The aim of this study was to determine what area of the aortic root was most susceptible to failure at high aortic pressures, and how these pressures manifest radiologically and histologically in acute rupture. Using a physiological model, results could identify patterns in radiological, pathological, and histological changes that affect the aorta under stress. Although no studies apart from Surman et al. [1] have reported on the maximal pressures obtained in the porcine aortic root and ascending aorta, many studies have showed that a porcine model is effective in the application of cardiopulmonary bypass and replicating models applicable to human subjects in cardiothoracic surgery [4,5,6,7,8,9,10,11,12,13].

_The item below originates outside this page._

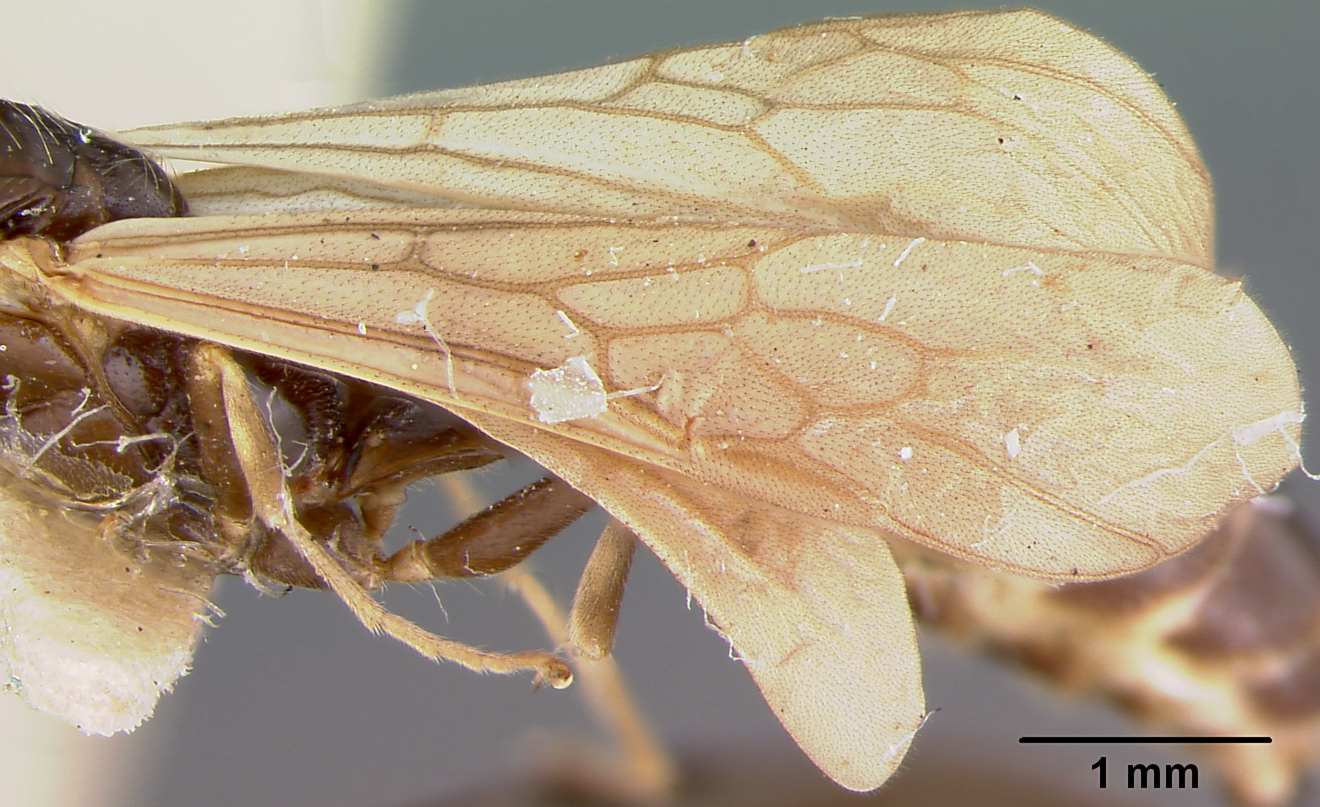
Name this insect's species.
Pseudomyrma maligna
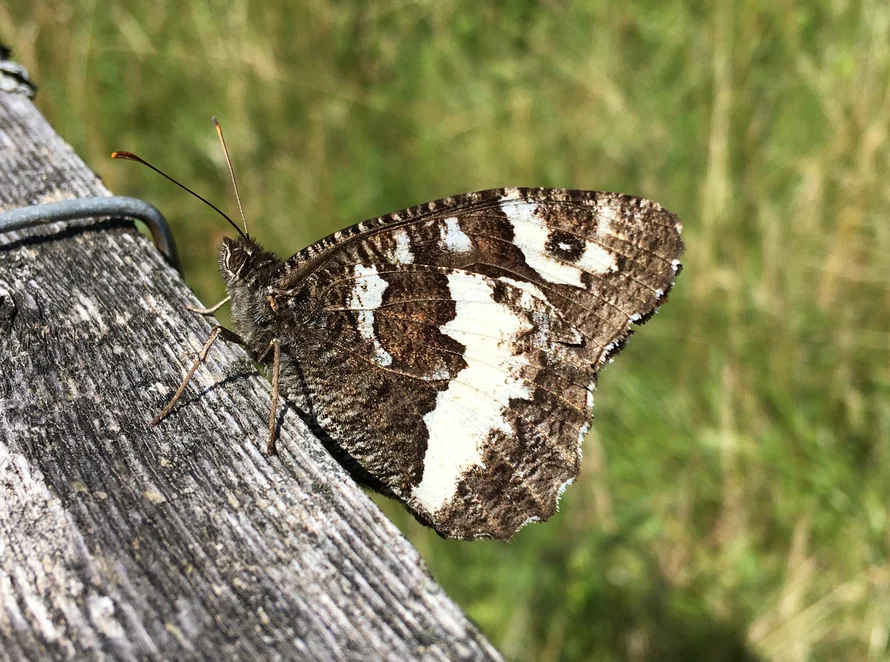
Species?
Brintesia circe

Intimal tears are reported to occur mostly in the right lateral wall of the ascending aorta in humans [3], however studies reporting on the most common sites are not well described. Tears affecting the proximal ascending aorta and distal arch have the most catastrophic consequences as they compromise the heart, and brain, respectively. Although our porcine subjects were not aneurysmal, not all dissections and aortic rupture occurs in aneurysmal patients, and therefore the results hold pathological value in interpretation. When it came to location of the tears, all porcine subjects had splitting beneath the non-coronary cusp and aortic valve failure, identifying it as an area of weakness under high continuous aortic stresses. Surman and colleagues [1] found that the aortic root apparatus in porcine subjects failed at lower pressures compared to the ascending aorta, identifying a clear difference between these two tissues. Clinical findings in this study, supported those findings with failure of the aortic valve apparatus and preservation of the ascending aorta in all regions.

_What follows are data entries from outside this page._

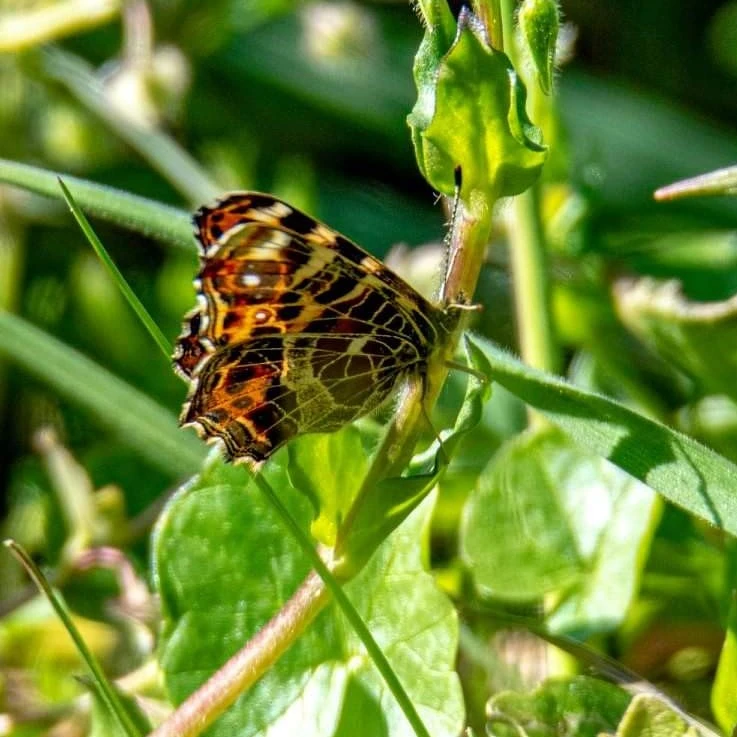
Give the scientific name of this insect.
Araschnia levana
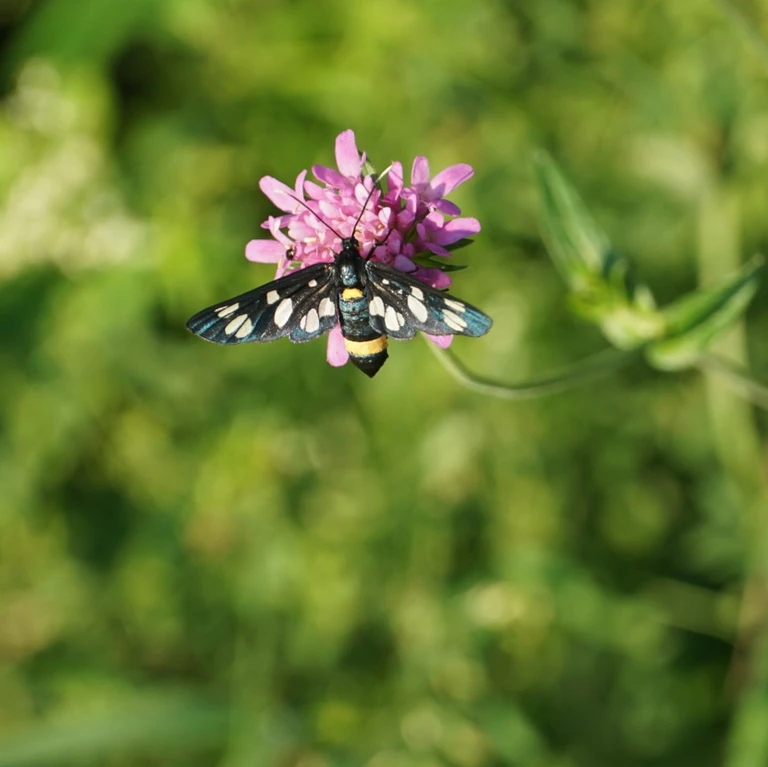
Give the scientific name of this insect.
Amata phegea
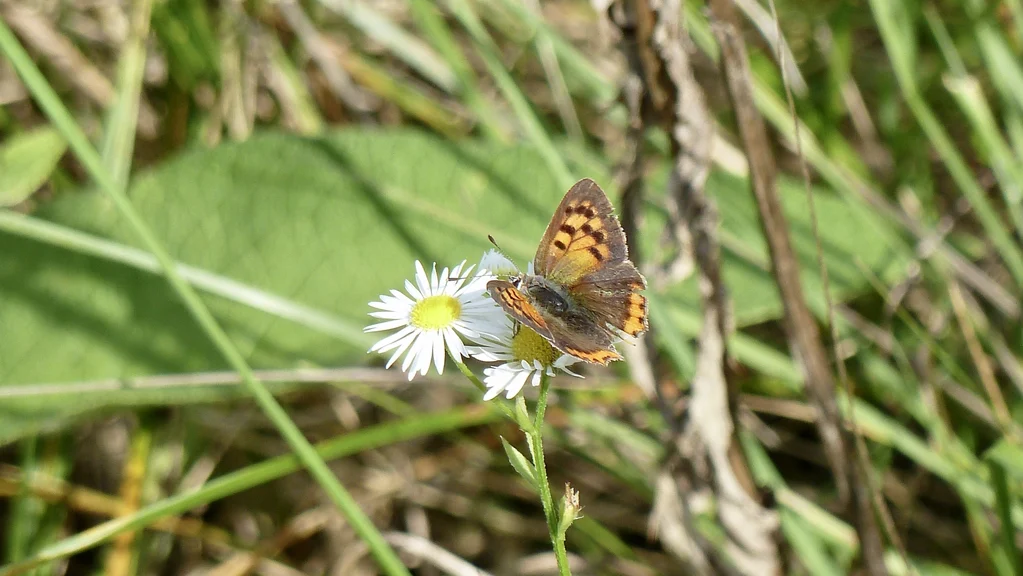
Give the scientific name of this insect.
Lycaena phlaeas
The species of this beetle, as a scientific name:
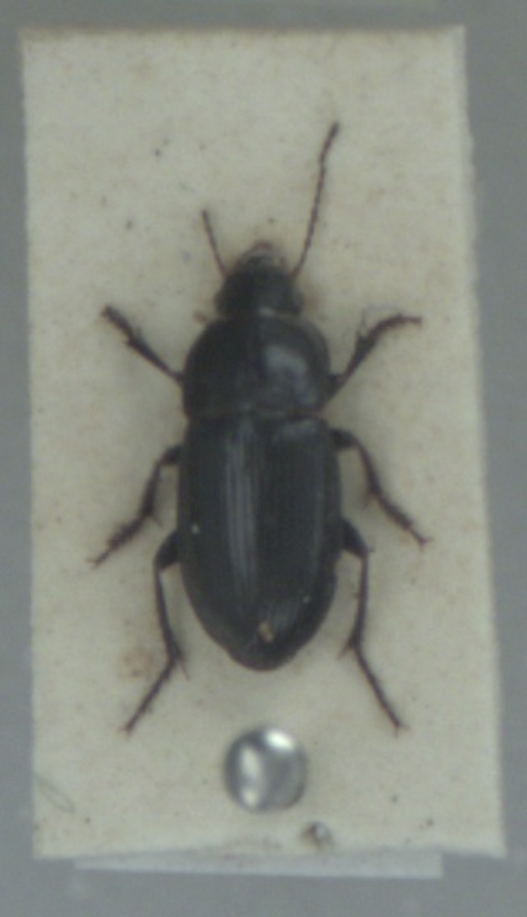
Harpalus anxius
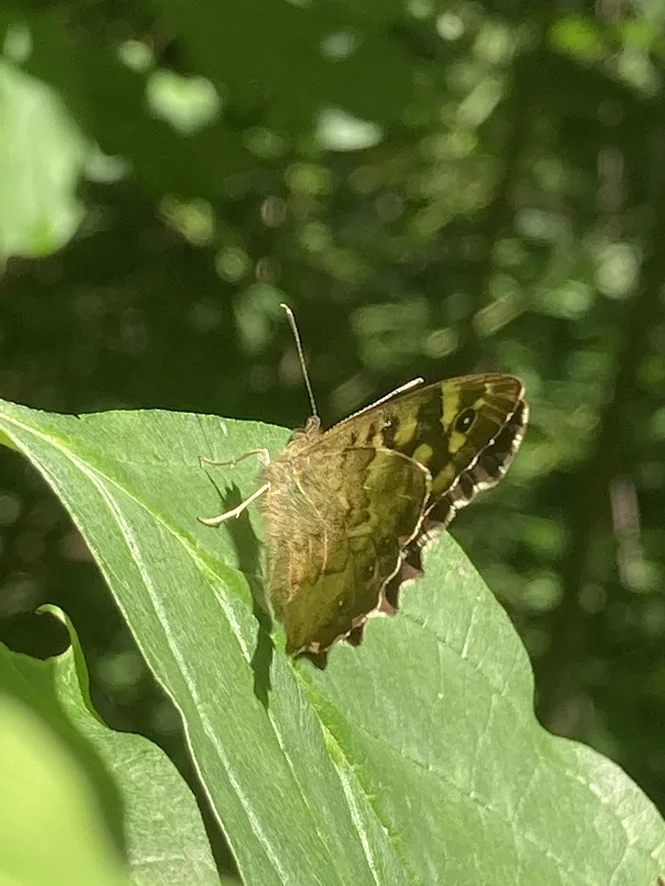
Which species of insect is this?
Pararge aegeria

We examined the impact of high intraluminal pressures on the aorta using 4D flow MRI. Median flow measured in cm/s increased significantly, and WSS almost doubled on average across all subjects in all regions of the aorta, identifying that high stresses manifest throughout the aorta from root to distal ascending in only an acute period of time. When we examine the regional changes, the proximal, middle, and distal ascending aorta had significant increase in flow following vasopressor administration indicating that this distribution of increased flow propagates from the root to the arch. Even more profound, was that WSS (Pa) almost doubled in all regions of the aorta following vasopressor administration. The increase in aortic stress was greatest in the mid ascending aorta but high in all regions from the root to the arch. The increase in WSS also correlates to the WSS showing highest increases in the mid and distal ascending aorta groups.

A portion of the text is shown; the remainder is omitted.